Automatic site index (script – update)

23 November 2012

Meanwhile

The script I described here (over a year ago! time flies when you’s having fun) has meanwhile changed a bit. Also, I only run it once every 24 hours, only at about a quarter to three at night.

Here’s the new version:

Script

cd /usr/local/www/apache24/htdocs/tools/index/

mv words wordswas

LC_COLLATE="en_US.ISO8859-1" ; export LC_COLLATE

find ../.. -type f -a \
    \( -name '*.htm' -o -name '*.html' -o -name '*.stm' -o -name '*.inc' \) |
# Note 1
    grep -v -f stoppath |
    ./wordsep |
    grep -v -x -f stoplist |
    sort > wordsraw

# Note 2
# Addition 26 October 2012: for frequency list
# Not necessary to do this everyday!
#uniq -c wordsraw | sort -nr > wordfreq

# Note 3
uniq wordsraw > words
rm wordsraw
./genindex words

rm ../../index/index-?.htm
mv index*.htm ../../index

diff wordswas words

Notes

The former file ‘stoplist’ has been renamed to ‘stoppath’, because two lines further on, I now use a different file called ‘stoplist’. This new file contains 77 very common words (largely from Dutch and English, the languages I write most of my web articles in).
Ignoring such common words is of course quite usual a technique, but I didn’t do it yet, until recently (26 October 2012).
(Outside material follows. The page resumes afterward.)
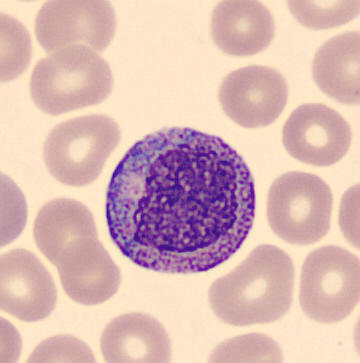May Grünwald-Giemsa stain · peripheral blood smear. A progranulocyte.

The measure reduced the total number of words from the site (unsorted and including all duplicates) from 637710 to 386740!
The option -x for grep is necessary too avoid that the words ‘deal’ and ‘deactivate’, for example, would be filtered out because of the common Dutch and Portuguese word ‘de’. Only whole-line matches (between the one-word-per-line files) should be honoured for filtering out (option -v), and that is what -x does. (At least it does under FreeBSD 8.2 and 8.3, don’t know about other Unix flavours.)
I first tried -w (‘match whole words only’), but that wasn’t good enough, because then things like Al-Cercthe no longer appeared in the index, because of the common Dutch word ‘al’ (meaning: yet, already).
The above-mentioned stoplist, with frequently occuring function words, I obtained by generating a frequency list from the file (wordsraw) that has all the words in it. I commented out that step later, because I don’t need a fresh frequency list every day.
I could have further optimised the script, by doing that uniq wordsraw > words here, in an earlier step, without saving wordsraw to disk. Pipes are normally implemented using a 2 kilobyte buffer in core, so they are much more efficient than intermediate files.
The combined script line (in the existing series of piped commands), instead of:
(sort > wordsraw; uniq wordsraw > words)
would then be:
sort | uniq > words
or better still:
sort -u > words
But because the script runs only once every 24 hours, I left it as it is.